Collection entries
◇ ◇ ◇ ◇ ◇ ◇ ◇
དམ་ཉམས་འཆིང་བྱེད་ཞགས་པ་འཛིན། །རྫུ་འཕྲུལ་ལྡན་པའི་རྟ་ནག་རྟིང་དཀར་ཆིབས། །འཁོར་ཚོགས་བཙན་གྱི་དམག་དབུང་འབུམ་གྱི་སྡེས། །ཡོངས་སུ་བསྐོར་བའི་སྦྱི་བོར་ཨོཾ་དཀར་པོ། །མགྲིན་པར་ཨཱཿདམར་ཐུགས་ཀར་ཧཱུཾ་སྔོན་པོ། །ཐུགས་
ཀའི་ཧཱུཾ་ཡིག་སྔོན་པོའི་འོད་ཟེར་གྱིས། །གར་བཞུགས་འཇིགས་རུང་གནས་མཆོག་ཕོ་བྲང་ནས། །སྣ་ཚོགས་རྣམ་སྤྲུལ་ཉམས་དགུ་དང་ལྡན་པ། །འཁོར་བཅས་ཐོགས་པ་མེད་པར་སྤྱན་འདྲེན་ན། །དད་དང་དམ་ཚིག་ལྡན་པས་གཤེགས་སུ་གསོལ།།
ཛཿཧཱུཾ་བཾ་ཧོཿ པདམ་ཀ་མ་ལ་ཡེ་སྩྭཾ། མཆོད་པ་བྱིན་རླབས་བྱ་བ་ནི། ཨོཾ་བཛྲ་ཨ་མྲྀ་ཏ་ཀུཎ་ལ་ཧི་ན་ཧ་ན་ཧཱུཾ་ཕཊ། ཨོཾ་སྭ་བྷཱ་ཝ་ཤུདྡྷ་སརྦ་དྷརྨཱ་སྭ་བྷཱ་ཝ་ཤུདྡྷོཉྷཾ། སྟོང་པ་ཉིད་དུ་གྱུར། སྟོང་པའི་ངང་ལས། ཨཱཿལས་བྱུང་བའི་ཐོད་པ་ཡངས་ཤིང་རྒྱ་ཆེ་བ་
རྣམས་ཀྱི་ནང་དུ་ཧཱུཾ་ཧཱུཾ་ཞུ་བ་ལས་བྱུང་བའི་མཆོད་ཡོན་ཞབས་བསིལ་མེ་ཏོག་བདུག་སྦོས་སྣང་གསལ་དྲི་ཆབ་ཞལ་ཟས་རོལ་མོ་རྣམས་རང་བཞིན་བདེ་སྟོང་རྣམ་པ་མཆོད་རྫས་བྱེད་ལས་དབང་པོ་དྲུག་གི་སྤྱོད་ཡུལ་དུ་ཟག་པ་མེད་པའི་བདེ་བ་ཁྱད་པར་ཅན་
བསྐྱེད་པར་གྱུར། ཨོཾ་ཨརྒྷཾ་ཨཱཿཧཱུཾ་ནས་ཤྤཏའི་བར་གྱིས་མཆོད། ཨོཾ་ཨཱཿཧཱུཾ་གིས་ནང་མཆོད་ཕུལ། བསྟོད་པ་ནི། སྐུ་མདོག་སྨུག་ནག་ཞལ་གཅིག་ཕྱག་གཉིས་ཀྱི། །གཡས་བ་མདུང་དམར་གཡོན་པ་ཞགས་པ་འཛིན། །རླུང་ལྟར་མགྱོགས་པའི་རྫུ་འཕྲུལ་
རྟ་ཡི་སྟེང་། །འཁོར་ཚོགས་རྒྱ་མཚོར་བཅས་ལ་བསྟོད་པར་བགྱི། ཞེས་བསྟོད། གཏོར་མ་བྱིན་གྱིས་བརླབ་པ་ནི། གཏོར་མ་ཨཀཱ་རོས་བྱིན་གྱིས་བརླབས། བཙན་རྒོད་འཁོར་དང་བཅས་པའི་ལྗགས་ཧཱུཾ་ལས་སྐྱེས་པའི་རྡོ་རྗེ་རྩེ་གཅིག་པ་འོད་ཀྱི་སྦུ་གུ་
◇ ◇ ◇ ◇ ◇ ◇ ◇
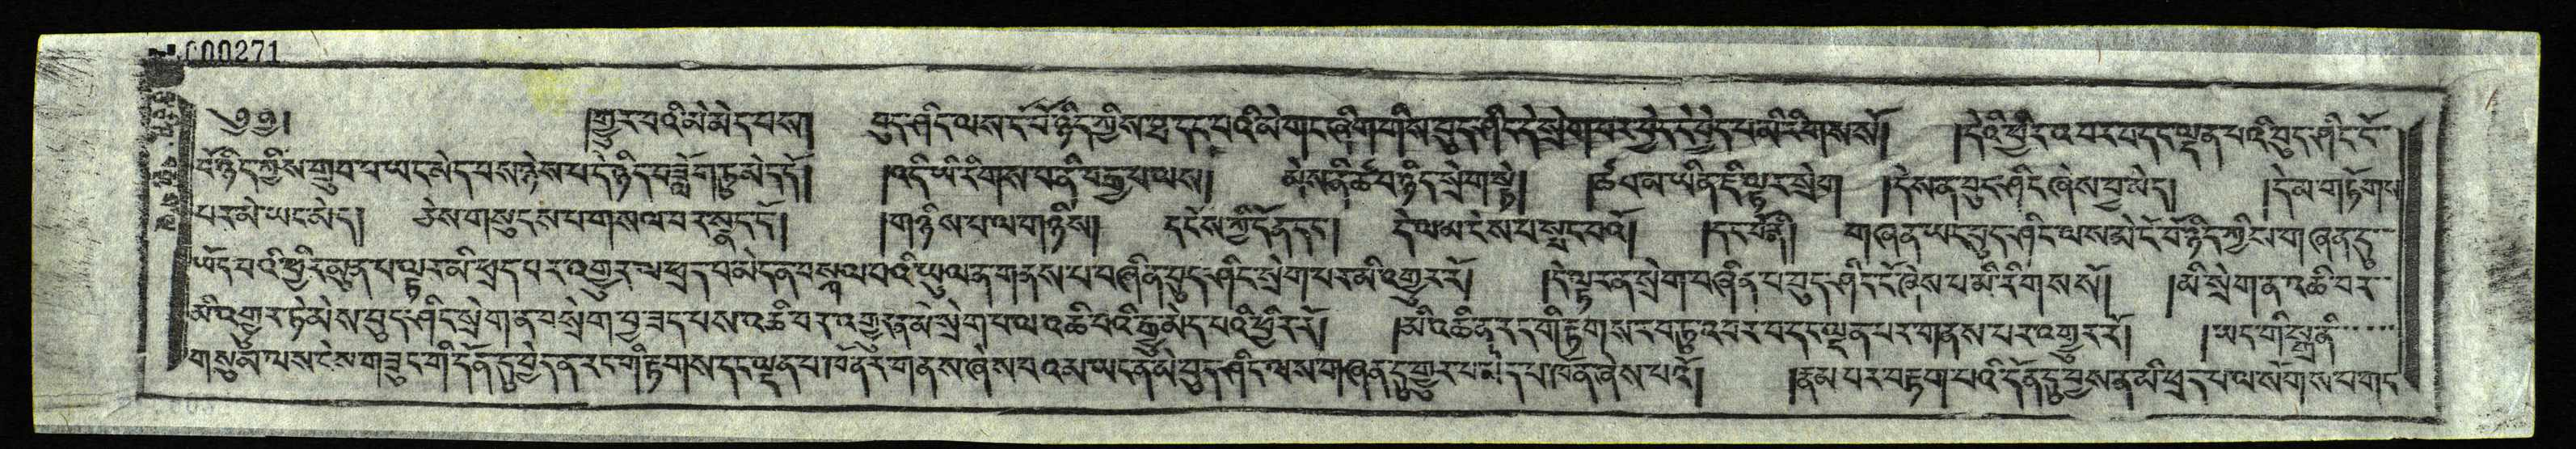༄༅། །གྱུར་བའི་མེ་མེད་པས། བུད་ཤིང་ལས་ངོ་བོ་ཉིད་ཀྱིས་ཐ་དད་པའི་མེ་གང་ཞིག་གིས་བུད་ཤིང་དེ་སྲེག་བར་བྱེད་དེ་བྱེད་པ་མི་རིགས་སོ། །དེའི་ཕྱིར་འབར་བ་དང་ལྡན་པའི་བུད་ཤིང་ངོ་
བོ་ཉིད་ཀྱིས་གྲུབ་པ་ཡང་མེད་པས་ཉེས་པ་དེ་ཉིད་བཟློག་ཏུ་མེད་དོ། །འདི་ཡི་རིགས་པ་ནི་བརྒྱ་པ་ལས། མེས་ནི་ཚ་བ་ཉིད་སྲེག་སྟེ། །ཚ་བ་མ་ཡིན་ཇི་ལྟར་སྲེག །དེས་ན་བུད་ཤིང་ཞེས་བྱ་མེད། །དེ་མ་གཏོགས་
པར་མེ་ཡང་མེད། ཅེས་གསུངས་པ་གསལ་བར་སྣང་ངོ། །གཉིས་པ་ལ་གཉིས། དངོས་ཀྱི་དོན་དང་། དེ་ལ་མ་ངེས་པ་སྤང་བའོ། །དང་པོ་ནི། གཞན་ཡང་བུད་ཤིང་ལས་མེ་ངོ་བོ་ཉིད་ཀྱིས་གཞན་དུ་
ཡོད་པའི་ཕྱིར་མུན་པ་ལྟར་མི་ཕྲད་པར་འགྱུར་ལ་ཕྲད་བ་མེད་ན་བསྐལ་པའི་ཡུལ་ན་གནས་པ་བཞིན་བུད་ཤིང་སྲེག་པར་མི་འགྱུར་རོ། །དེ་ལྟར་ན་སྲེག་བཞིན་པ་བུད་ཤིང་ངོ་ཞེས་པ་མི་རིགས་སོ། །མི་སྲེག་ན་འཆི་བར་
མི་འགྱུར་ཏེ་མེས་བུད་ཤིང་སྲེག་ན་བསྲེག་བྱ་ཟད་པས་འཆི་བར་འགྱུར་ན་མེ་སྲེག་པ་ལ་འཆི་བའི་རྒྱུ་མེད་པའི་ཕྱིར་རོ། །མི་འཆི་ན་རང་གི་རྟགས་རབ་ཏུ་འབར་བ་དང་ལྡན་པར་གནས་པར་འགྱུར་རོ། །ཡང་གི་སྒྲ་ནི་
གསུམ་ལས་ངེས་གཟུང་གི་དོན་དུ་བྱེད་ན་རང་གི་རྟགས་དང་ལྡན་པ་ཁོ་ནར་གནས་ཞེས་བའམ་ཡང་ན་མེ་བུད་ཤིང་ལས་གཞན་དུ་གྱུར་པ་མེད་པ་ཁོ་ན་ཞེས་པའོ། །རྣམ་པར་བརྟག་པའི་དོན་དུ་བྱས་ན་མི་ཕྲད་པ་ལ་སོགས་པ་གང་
◇ ◇ ◇ ◇ ◇ ◇ ◇
» Required work
Will you return exactly the lines above from the one with "ཛཿཧཱུཾ་བཾ་ཧོཿ པདམ་ཀ་མ་ལ་ཡེ་སྩྭཾ། མཆོད་པ་བྱིན་རླབས་བྱ་བ་ནི།" down to the one with "རྟ་ཡི་སྟེང་། །འཁོར་ཚོགས་རྒྱ་མཚོར་བཅས་ལ་བསྟོད་པར་བགྱི། ཞེས་བསྟོད།", counting both as part of the range?

» Answer box
ཛཿཧཱུཾ་བཾ་ཧོཿ པདམ་ཀ་མ་ལ་ཡེ་སྩྭཾ། མཆོད་པ་བྱིན་རླབས་བྱ་བ་ནི། ཨོཾ་བཛྲ་ཨ་མྲྀ་ཏ་ཀུཎ་ལ་ཧི་ན་ཧ་ན་ཧཱུཾ་ཕཊ། ཨོཾ་སྭ་བྷཱ་ཝ་ཤུདྡྷ་སརྦ་དྷརྨཱ་སྭ་བྷཱ་ཝ་ཤུདྡྷོཉྷཾ། སྟོང་པ་ཉིད་དུ་གྱུར། སྟོང་པའི་ངང་ལས། ཨཱཿལས་བྱུང་བའི་ཐོད་པ་ཡངས་ཤིང་རྒྱ་ཆེ་བ་
རྣམས་ཀྱི་ནང་དུ་ཧཱུཾ་ཧཱུཾ་ཞུ་བ་ལས་བྱུང་བའི་མཆོད་ཡོན་ཞབས་བསིལ་མེ་ཏོག་བདུག་སྦོས་སྣང་གསལ་དྲི་ཆབ་ཞལ་ཟས་རོལ་མོ་རྣམས་རང་བཞིན་བདེ་སྟོང་རྣམ་པ་མཆོད་རྫས་བྱེད་ལས་དབང་པོ་དྲུག་གི་སྤྱོད་ཡུལ་དུ་ཟག་པ་མེད་པའི་བདེ་བ་ཁྱད་པར་ཅན་
བསྐྱེད་པར་གྱུར། ཨོཾ་ཨརྒྷཾ་ཨཱཿཧཱུཾ་ནས་ཤྤཏའི་བར་གྱིས་མཆོད། ཨོཾ་ཨཱཿཧཱུཾ་གིས་ནང་མཆོད་ཕུལ། བསྟོད་པ་ནི། སྐུ་མདོག་སྨུག་ནག་ཞལ་གཅིག་ཕྱག་གཉིས་ཀྱི། །གཡས་བ་མདུང་དམར་གཡོན་པ་ཞགས་པ་འཛིན། །རླུང་ལྟར་མགྱོགས་པའི་རྫུ་འཕྲུལ་
རྟ་ཡི་སྟེང་། །འཁོར་ཚོགས་རྒྱ་མཚོར་བཅས་ལ་བསྟོད་པར་བགྱི། ཞེས་བསྟོད། གཏོར་མ་བྱིན་གྱིས་བརླབ་པ་ནི། གཏོར་མ་ཨཀཱ་རོས་བྱིན་གྱིས་བརླབས། བཙན་རྒོད་འཁོར་དང་བཅས་པའི་ལྗགས་ཧཱུཾ་ལས་སྐྱེས་པའི་རྡོ་རྗེ་རྩེ་གཅིག་པ་འོད་ཀྱི་སྦུ་གུ་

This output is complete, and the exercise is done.